Computer Vision · Synthetic Data · Python · Blender
Teaching a computer
to read hands underwater.
A computer vision model trained to recognise scuba diving hand signals — built without a single real training image. The dataset was generated entirely from 3D renders: synthetic divers, synthetic signals, synthetic depth. The model then tested on the real thing.
The problem
Scuba divers communicate through hand signals — a standardised vocabulary of gestures for marine animals, instructions, and hazards. Underwater, it is the only language available.
The question was whether a computer vision model could learn to read that language. The harder question was where to get the training data. Collecting real underwater footage of divers performing specific signals, at volume, with ground-truth labels, is expensive, slow, and requires a wetsuit.

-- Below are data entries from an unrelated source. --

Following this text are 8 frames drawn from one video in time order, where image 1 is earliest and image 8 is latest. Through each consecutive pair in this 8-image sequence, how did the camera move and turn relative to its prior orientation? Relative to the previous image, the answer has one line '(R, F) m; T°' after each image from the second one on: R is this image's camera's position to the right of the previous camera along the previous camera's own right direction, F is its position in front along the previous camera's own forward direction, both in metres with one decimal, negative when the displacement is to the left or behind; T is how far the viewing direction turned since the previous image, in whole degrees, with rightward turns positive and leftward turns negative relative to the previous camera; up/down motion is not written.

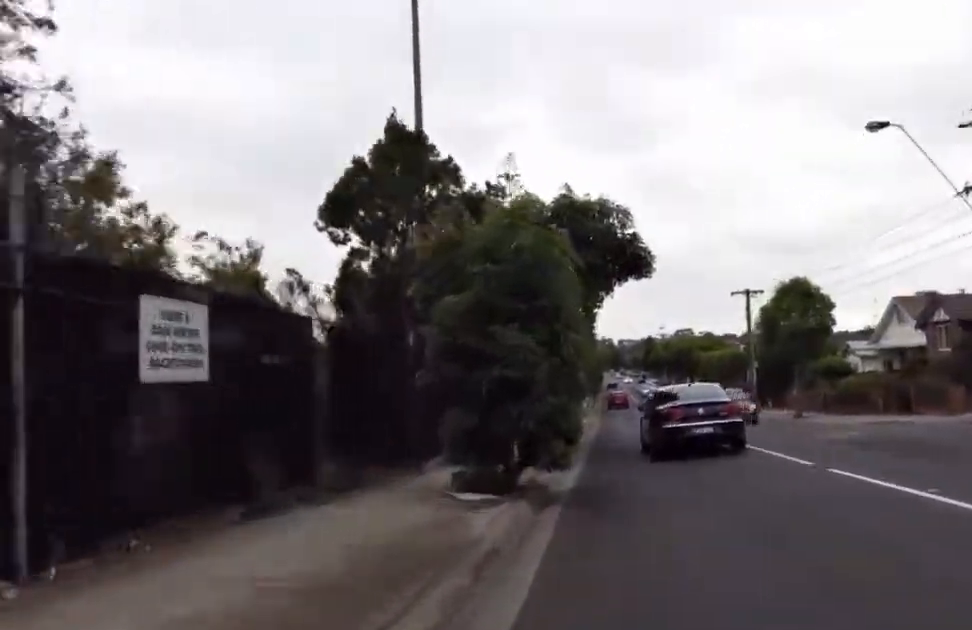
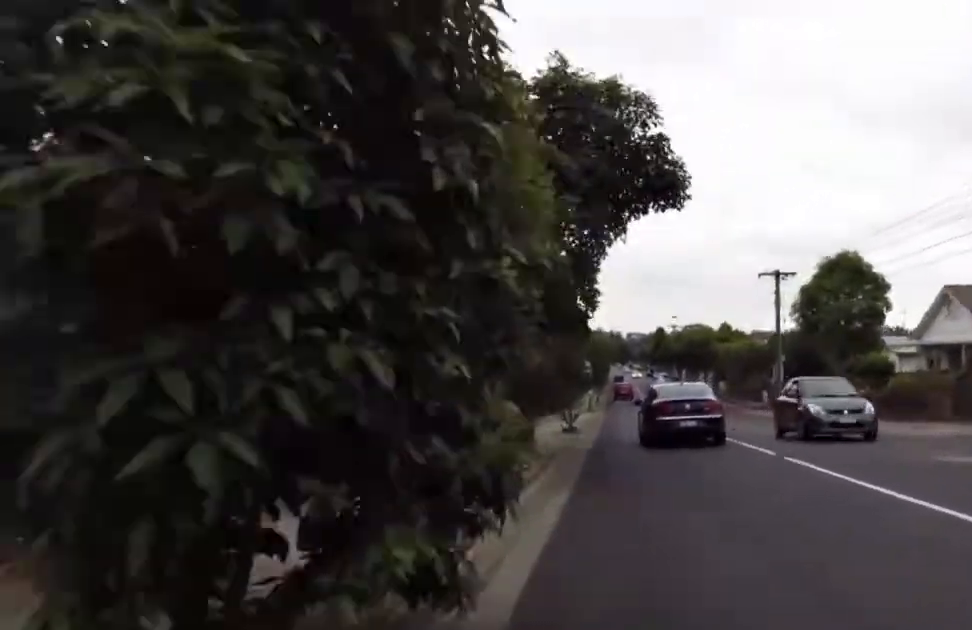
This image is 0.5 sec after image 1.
(-0.6, +6.3) m; 0°
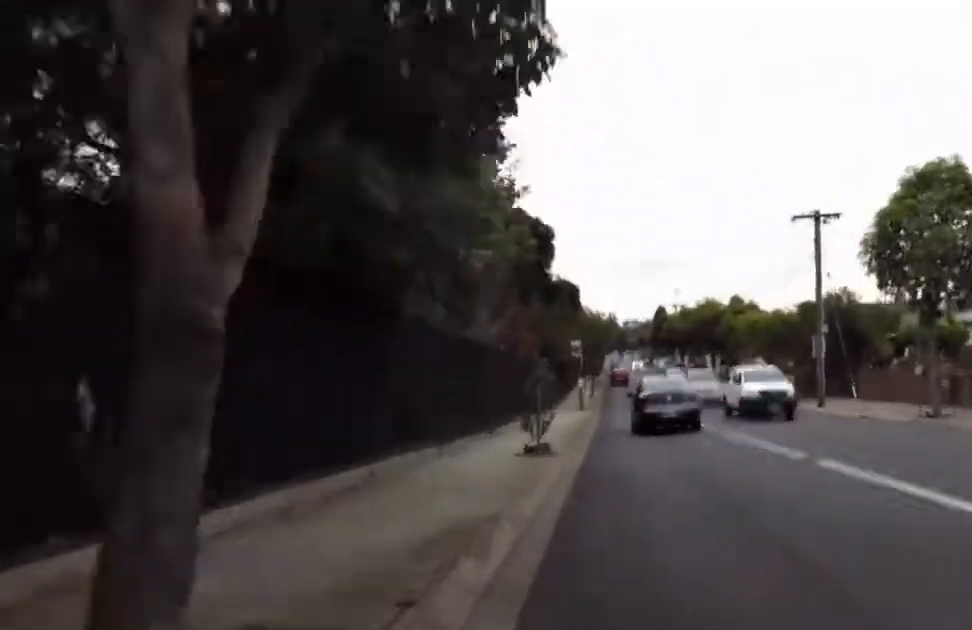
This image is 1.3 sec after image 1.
(-0.3, +9.6) m; 0°
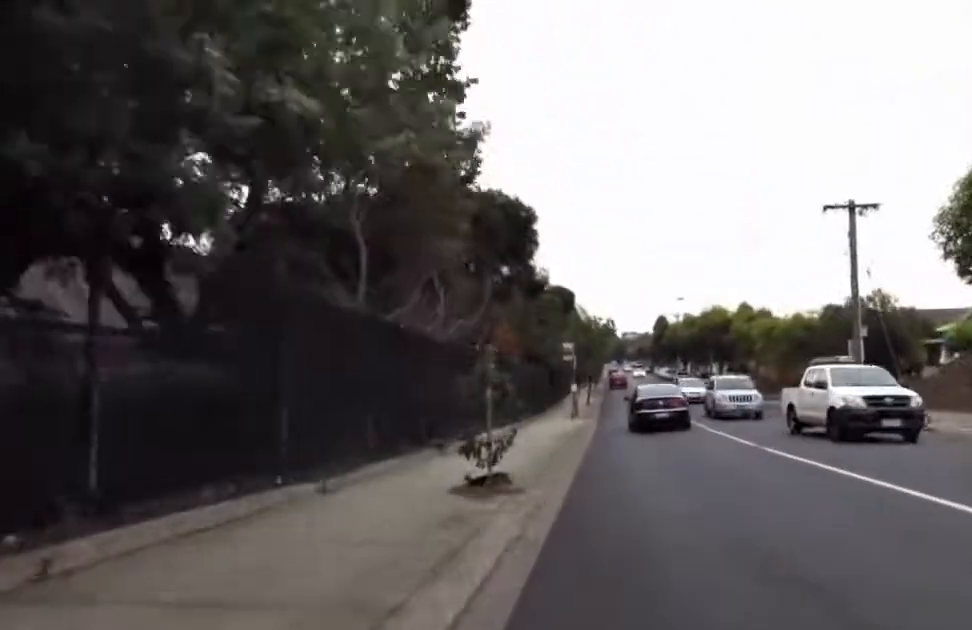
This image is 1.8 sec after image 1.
(+0.7, +5.7) m; 0°
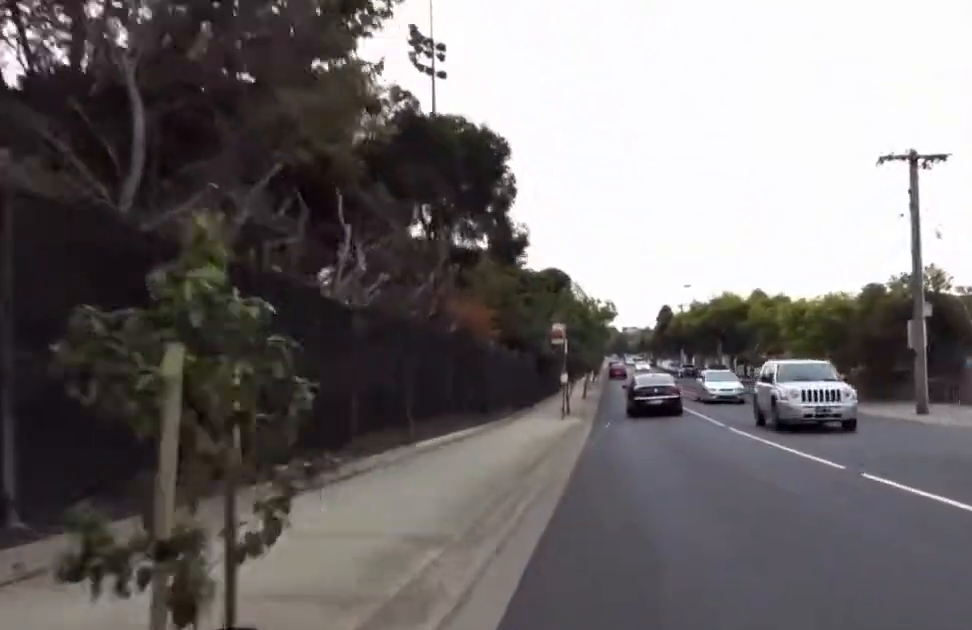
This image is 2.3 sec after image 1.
(0.0, +6.1) m; 0°
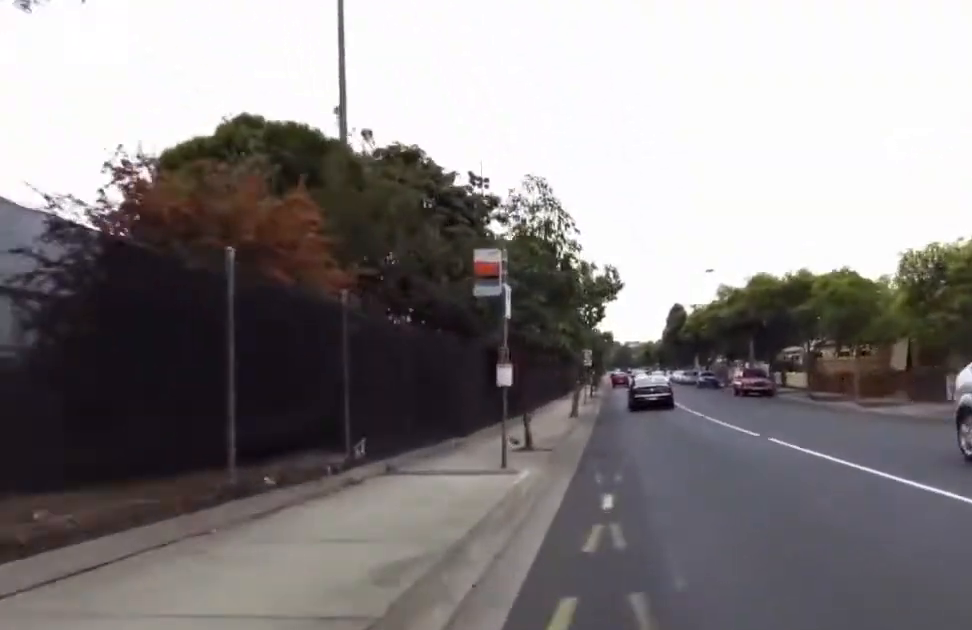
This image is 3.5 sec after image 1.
(-0.5, +14.2) m; 0°
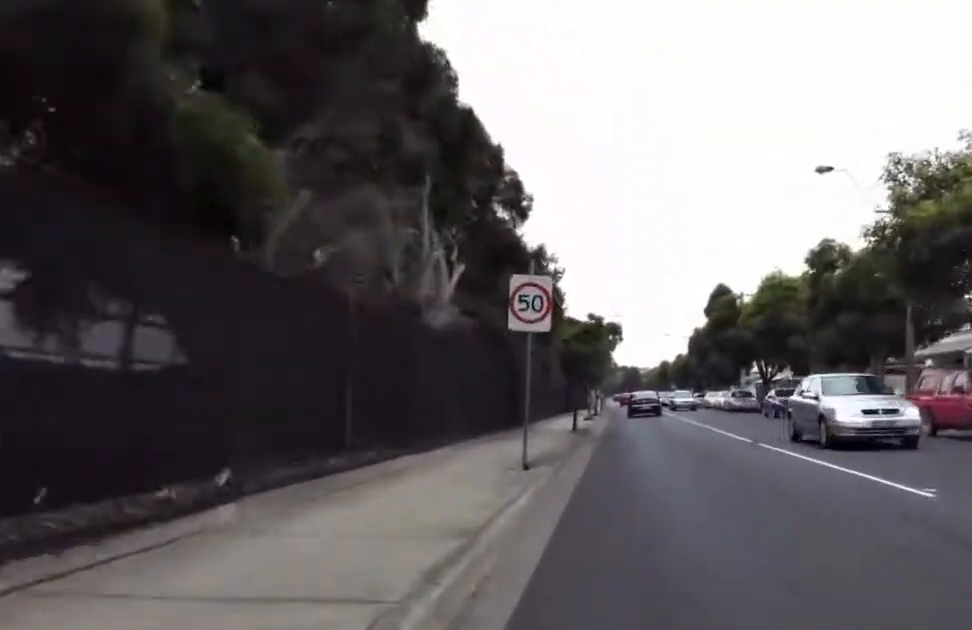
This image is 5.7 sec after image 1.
(+0.6, +27.0) m; +1°
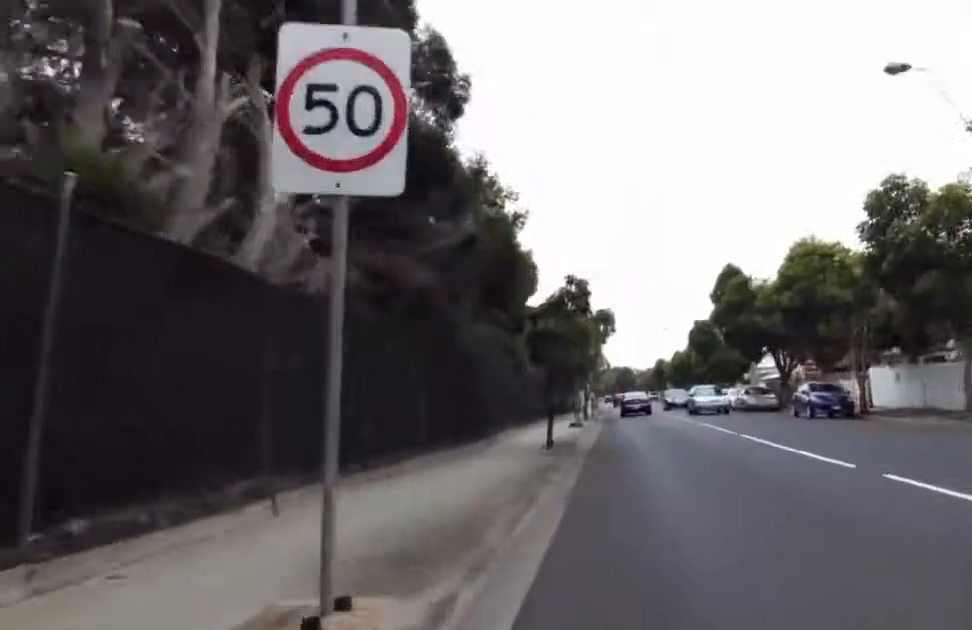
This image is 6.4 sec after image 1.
(0.0, +7.3) m; 0°

The answer: don't. Generate it instead.
Synthetic data pipeline
The training dataset was generated entirely from 3D. A rigged human figure was posed in the target hand signals, placed in a virtual environment, and rendered from multiple angles under varying lighting conditions. Hundreds of training images per class — no pool required.
Three target classes
Bluespotted ray · Octopus · Shark — each a distinct hand signal with different hand shape, position, and motion.
Varied conditions
Multiple camera angles, lighting variations, and background conditions per signal — to prevent the model from learning shortcuts.
Training results
A convolutional neural network trained on the synthetic dataset. Validation accuracy reached ~100% within 10 epochs — the model learning to distinguish the three signals cleanly despite having never seen a real diver perform them.
Real-world inference
The model trained on synthetic renders was then tested against real photographs of divers performing the same signals. It had never seen real images during training.
Test 1 — Shark
{0: 'bluespotted', 1: 'octopus', 2: 'shark'}
[8.83e-05, 3.69e-04, 0.9995]
# High score (0.9995) for 'shark' ✓
# Near-zero scores for all other classes
Test 2 — Octopus
{0: 'bluespotted', 1: 'octopus', 2: 'shark'}
[0.0279, 0.9468, 0.0253]
# High score (0.9468) for 'octopus' ✓
# Correct — despite being shot out of water What this shows
Synthetic → real transfer
A model trained exclusively on 3D renders correctly classified real-world photographs it had never seen — demonstrating that synthetic data can generalise beyond its generation domain.
No real data required
The entire training dataset was generated without collecting a single real image. For domains where data collection is difficult, dangerous, or expensive, this is the practical alternative.
Domain gap handled
The octopus signal was correctly identified from a surface photograph — different environment, different lighting, different everything from the underwater training renders.